▶ [WHAT THE EXERCISE ASKS]:
Retype only what runs from the first line of the listing to the line holding "இயக்க ஆற்றலைச் சரியாகப்", both included. Do not retype the pictures.

▶ [RAW DATA]:
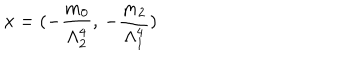
x = ( - \frac { m _ { 0 } } { \Lambda _ { 2 } ^ { 4 } } , \, - \frac { m _ { 2 } } { \Lambda _ { 1 } ^ { 4 } } )
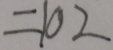
= 1 0 2
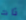
ذات
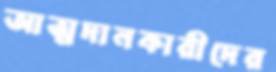
আত্মদানকারীদের
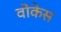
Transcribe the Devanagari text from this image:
वोकेस
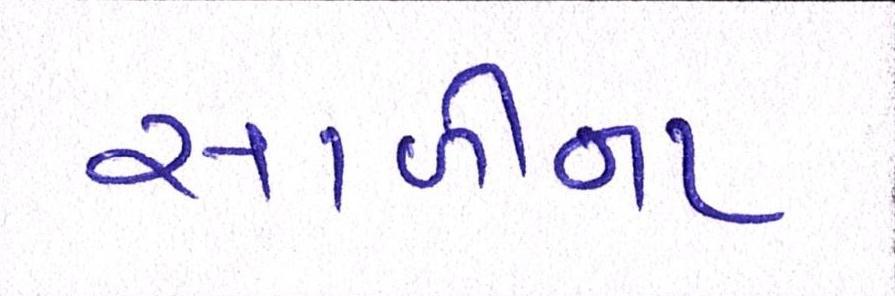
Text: સાળીના
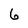
Character: 6
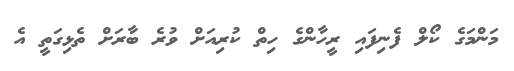
މަންމަގެ ކޯލް ފެނިފައި ރީހާންގެ ހިތް ކުރިއަށް ވުރެ ބާރަށް ތެޅިގަތީ އެ
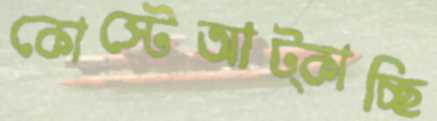
কোস্টেআট্‌কাচ্ছি
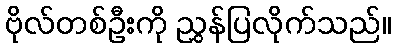
ဗိုလ်တစ်ဦးကို ညွှန်ပြလိုက်သည်။
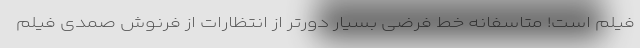
فیلم است! متاسفانه خط فرضی بسیار دورتر از انتظارات از فرنوش صمدی فیلم
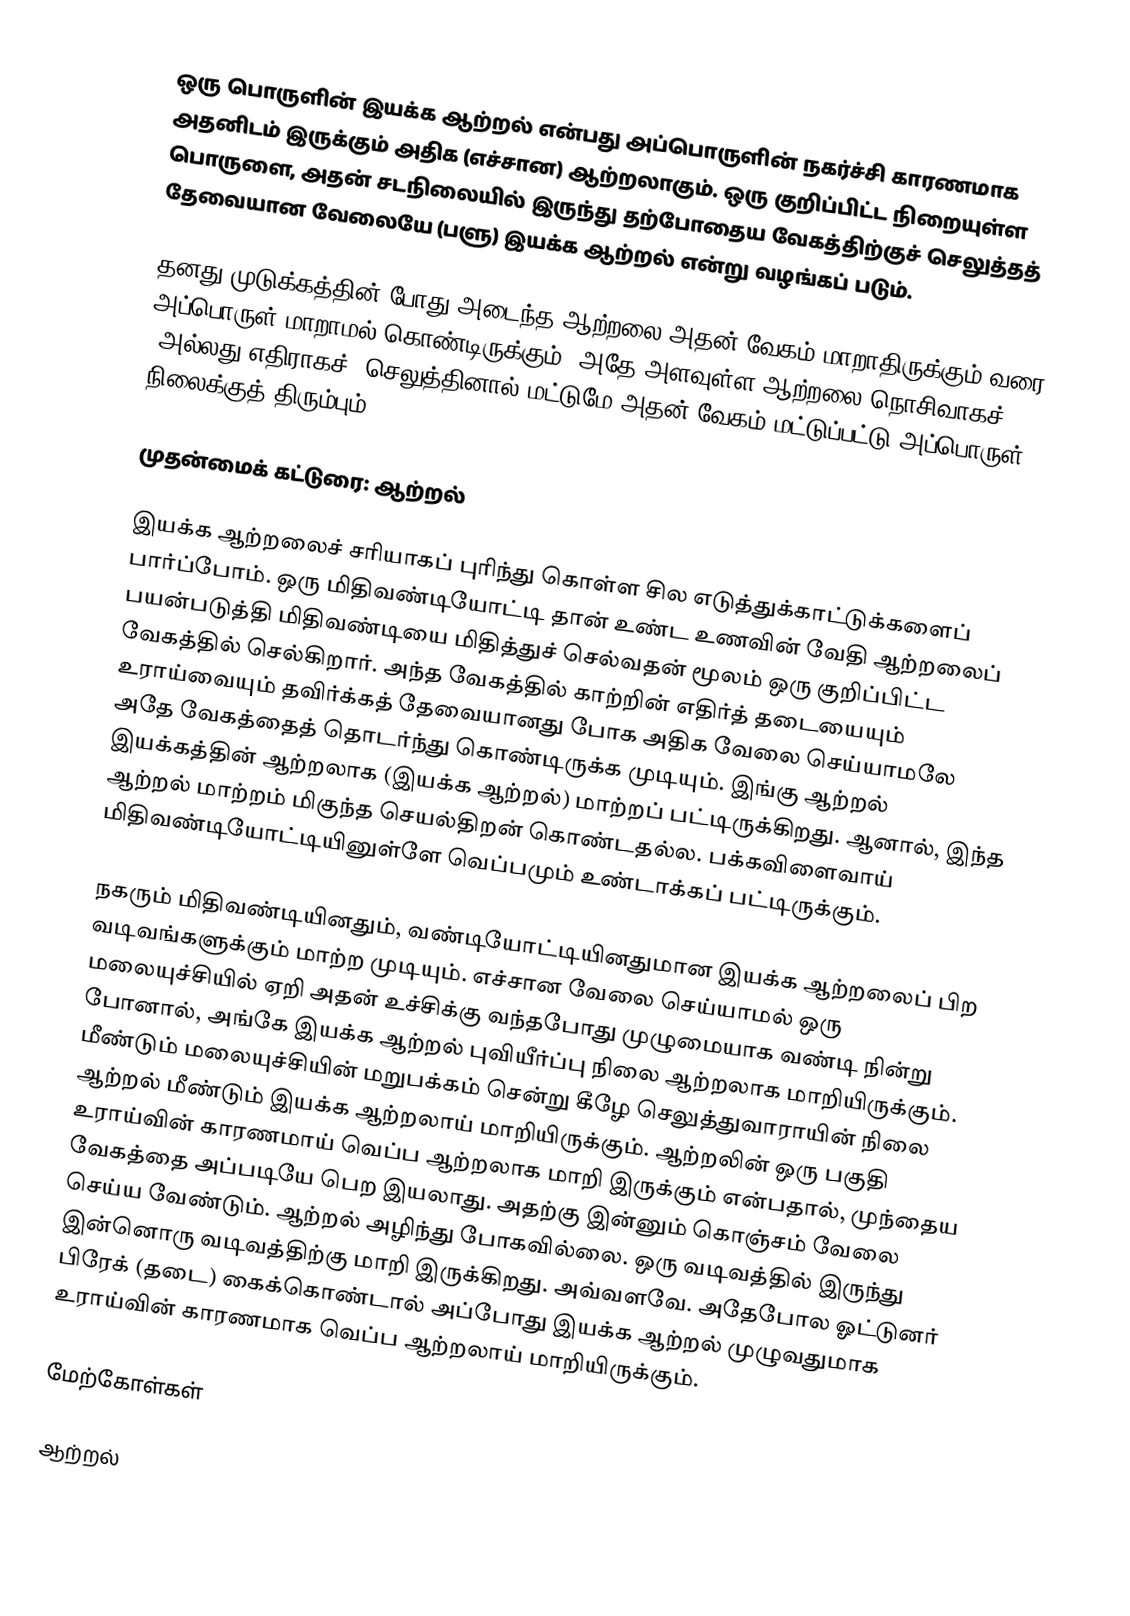
ஒரு பொருளின் இயக்க ஆற்றல் என்பது அப்பொருளின் நகர்ச்சி காரணமாக அதனிடம் இருக்கும் அதிக (எச்சான) ஆற்றலாகும். ஒரு குறிப்பிட்ட நிறையுள்ள பொருளை, அதன் சடநிலையில் இருந்து தற்போதைய வேகத்திற்குச் செலுத்தத் தேவையான வேலையே (பளு) இயக்க ஆற்றல் என்று வழங்கப் படும்.

தனது முடுக்கத்தின் போது அடைந்த ஆற்றலை அதன் வேகம் மாறாதிருக்கும் வரை அப்பொருள் மாறாமல் கொண்டிருக்கும். அதே அளவுள்ள ஆற்றலை நொசிவாகச் (அல்லது எதிராகச்) செலுத்தினால் மட்டுமே அதன் வேகம் மட்டுப்பட்டு அப்பொருள் நிலைக்குத் திரும்பும்.

முதன்மைக் கட்டுரை: ஆற்றல்

இயக்க ஆற்றலைச் சரியாகப் புரிந்து கொள்ள சில எடுத்துக்காட்டுக்களைப் பார்ப்போம். ஒரு மிதிவண்டியோட்டி தான் உண்ட உணவின் வேதி ஆற்றலைப் பயன்படுத்தி மிதிவண்டியை மிதித்துச் செல்வதன் மூலம் ஒரு குறிப்பிட்ட வேகத்தில் செல்கிறார். அந்த வேகத்தில் காற்றின் எதிர்த் தடையையும் உராய்வையும் தவிர்க்கத் தேவையானது போக அதிக வேலை செய்யாமலே அதே வேகத்தைத் தொடர்ந்து கொண்டிருக்க முடியும். இங்கு ஆற்றல் இயக்கத்தின் ஆற்றலாக (இயக்க ஆற்றல்) மாற்றப் பட்டிருக்கிறது. ஆனால், இந்த ஆற்றல் மாற்றம் மிகுந்த செயல்திறன் கொண்டதல்ல. பக்கவிளைவாய் மிதிவண்டியோட்டியினுள்ளே வெப்பமும் உண்டாக்கப் பட்டிருக்கும்.

நகரும் மிதிவண்டியினதும், வண்டியோட்டியினதுமான இயக்க ஆற்றலைப் பிற வடிவங்களுக்கும் மாற்ற முடியும். எச்சான வேலை செய்யாமல் ஒரு மலையுச்சியில் ஏறி அதன் உச்சிக்கு வந்தபோது முழுமையாக வண்டி நின்று போனால், அங்கே இயக்க ஆற்றல் புவியீர்ப்பு நிலை ஆற்றலாக மாறியிருக்கும். மீண்டும் மலையுச்சியின் மறுபக்கம் சென்று கீழே செலுத்துவாராயின் நிலை ஆற்றல் மீண்டும் இயக்க ஆற்றலாய் மாறியிருக்கும். ஆற்றலின் ஒரு பகுதி உராய்வின் காரணமாய் வெப்ப ஆற்றலாக மாறி இருக்கும் என்பதால், முந்தைய வேகத்தை அப்படியே பெற இயலாது. அதற்கு இன்னும் கொஞ்சம் வேலை செய்ய வேண்டும். ஆற்றல் அழிந்து போகவில்லை. ஒரு வடிவத்தில் இருந்து இன்னொரு வடிவத்திற்கு மாறி இருக்கிறது. அவ்வளவே. அதேபோல ஓட்டுனர் பிரேக் (தடை) கைக்கொண்டால் அப்போது இயக்க ஆற்றல் முழுவதுமாக உராய்வின் காரணமாக வெப்ப ஆற்றலாய் மாறியிருக்கும்.

மேற்கோள்கள்

ஆற்றல்
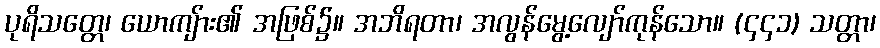
ပုရိသတ္တေ၊ ယောကျ်ား၏ အဖြစ်၌။ အဘိရတာ၊ အလွန်မွေ့လျော်ကုန်သော။ (၄၄၁) သတ္တာ၊
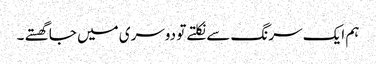
ہم ایک سرنگ سے نکلتے تو دوسری میں جا گھستے ۔
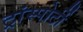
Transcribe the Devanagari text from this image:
ट्रांस्पोर्टी
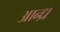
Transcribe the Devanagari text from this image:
आन्‍ध्र
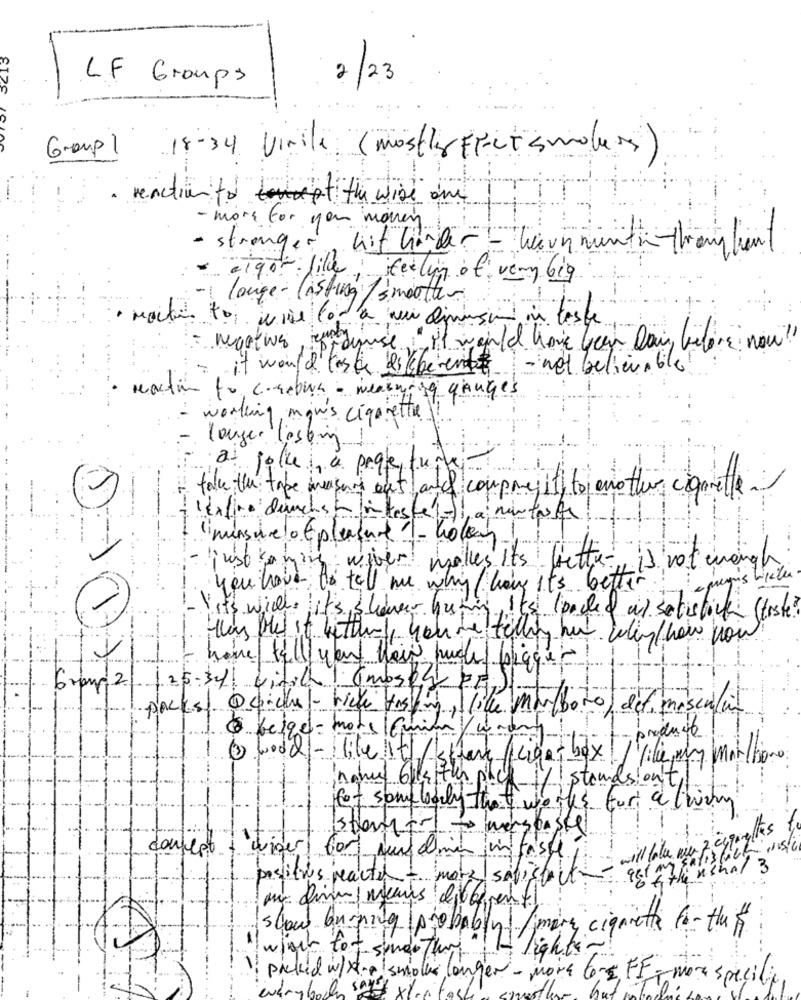
5213
LF Groups
2
123
Group 1
18-34 vinile (mostly FECT Smolens)
. reactionto the wise and
- more for you moven
stronger withüber - kernmunthe-throughant
cigot lille; feeling of very big
( longe- lasting / smooth-
· martin to use for a mui dimision in teste
- martwa umby
tamuse "It would have been Dan, before now !!
it would taste different - net believable
. reaction to corebara - weakening gauges
- working man's cigarette !!
longer listing
at joke a peqe, turkey
falle the tape measure out and compresiti to another cigarette
lexfino durchsh inteste -), a mintas fr
l'imunsure lotplaced -Kolon
- pusokoning wever molles Its better is not enough
aqui's bieten
you have to tell me why have it's better
1-lit will lits shower hating, its loaded as solistick (tiste?
Hlas Mel it hitting, yan de telling hat when how you
home tell you their hudle bigque!
bron 2 25-34 vinil 6mosky FF
packs) Quiches - five tos in, lille Mor boto, det. mascular
· belgel-mote fuim /woder
@ Wood-like it/ /kb
splan ( Light box! ] ville, my marillion:
--- 1/ standsionity
for somebody that wo ths fort a thirty
werson
will take min z cypinettes
contest.
wiger for men dimin juin fasse
98 476 usual 3
Doslitros reacted - more saf,soit
mir finns means différent
slow burning probably) /mary cigarette forthe f
what to t- sindother "! I light-
picked w/H.o smolk longer - more 6- FF - mon specify
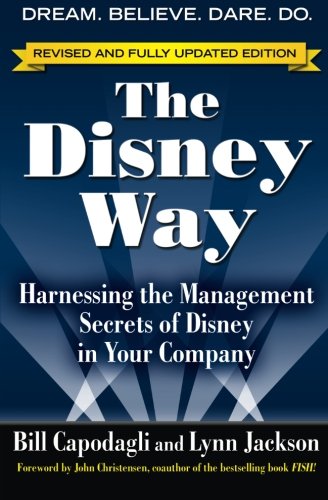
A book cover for The Disney Way, Revised Edition: Harnessing the Management Secrets of Disney in Your Company; Bill Capodagli; Business & Money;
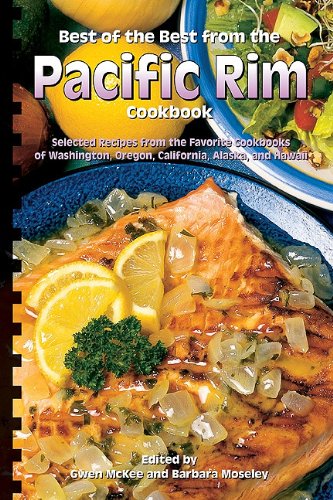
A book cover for Best of the Best from the Pacific Rim Cookbook (Best of the Best State Cookbook Series); Gwen Mckee; Cookbooks, Food & Wine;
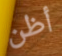
أظن

▶ [YOUR SOLUTION]:
x = ( - \frac { m _ { 0 } } { \Lambda _ { 2 } ^ { 4 } } , \, - \frac { m _ { 2 } } { \Lambda _ { 1 } ^ { 4 } } )
= 1 0 2
ذات
আত্মদানকারীদের
Transcribe the Devanagari text from this image:
वोकेस
Text: સાળીના
Character: 6
މަންމަގެ ކޯލް ފެނިފައި ރީހާންގެ ހިތް ކުރިއަށް ވުރެ ބާރަށް ތެޅިގަތީ އެ
কোস্টেআট্‌কাচ্ছি
ဗိုလ်တစ်ဦးကို ညွှန်ပြလိုက်သည်။
فیلم است! متاسفانه خط فرضی بسیار دورتر از انتظارات از فرنوش صمدی فیلم
ஒரு பொருளின் இயக்க ஆற்றல் என்பது அப்பொருளின் நகர்ச்சி காரணமாக அதனிடம் இருக்கும் அதிக (எச்சான) ஆற்றலாகும். ஒரு குறிப்பிட்ட நிறையுள்ள பொருளை, அதன் சடநிலையில் இருந்து தற்போதைய வேகத்திற்குச் செலுத்தத் தேவையான வேலையே (பளு) இயக்க ஆற்றல் என்று வழங்கப் படும்.

தனது முடுக்கத்தின் போது அடைந்த ஆற்றலை அதன் வேகம் மாறாதிருக்கும் வரை அப்பொருள் மாறாமல் கொண்டிருக்கும். அதே அளவுள்ள ஆற்றலை நொசிவாகச் (அல்லது எதிராகச்) செலுத்தினால் மட்டுமே அதன் வேகம் மட்டுப்பட்டு அப்பொருள் நிலைக்குத் திரும்பும்.

முதன்மைக் கட்டுரை: ஆற்றல்

இயக்க ஆற்றலைச் சரியாகப் புரிந்து கொள்ள சில எடுத்துக்காட்டுக்களைப் பார்ப்போம். ஒரு மிதிவண்டியோட்டி தான் உண்ட உணவின் வேதி ஆற்றலைப் பயன்படுத்தி மிதிவண்டியை மிதித்துச் செல்வதன் மூலம் ஒரு குறிப்பிட்ட வேகத்தில் செல்கிறார். அந்த வேகத்தில் காற்றின் எதிர்த் தடையையும் உராய்வையும் தவிர்க்கத் தேவையானது போக அதிக வேலை செய்யாமலே அதே வேகத்தைத் தொடர்ந்து கொண்டிருக்க முடியும். இங்கு ஆற்றல் இயக்கத்தின் ஆற்றலாக (இயக்க ஆற்றல்) மாற்றப் பட்டிருக்கிறது. ஆனால், இந்த ஆற்றல் மாற்றம் மிகுந்த செயல்திறன் கொண்டதல்ல. பக்கவிளைவாய் மிதிவண்டியோட்டியினுள்ளே வெப்பமும் உண்டாக்கப் பட்டிருக்கும்.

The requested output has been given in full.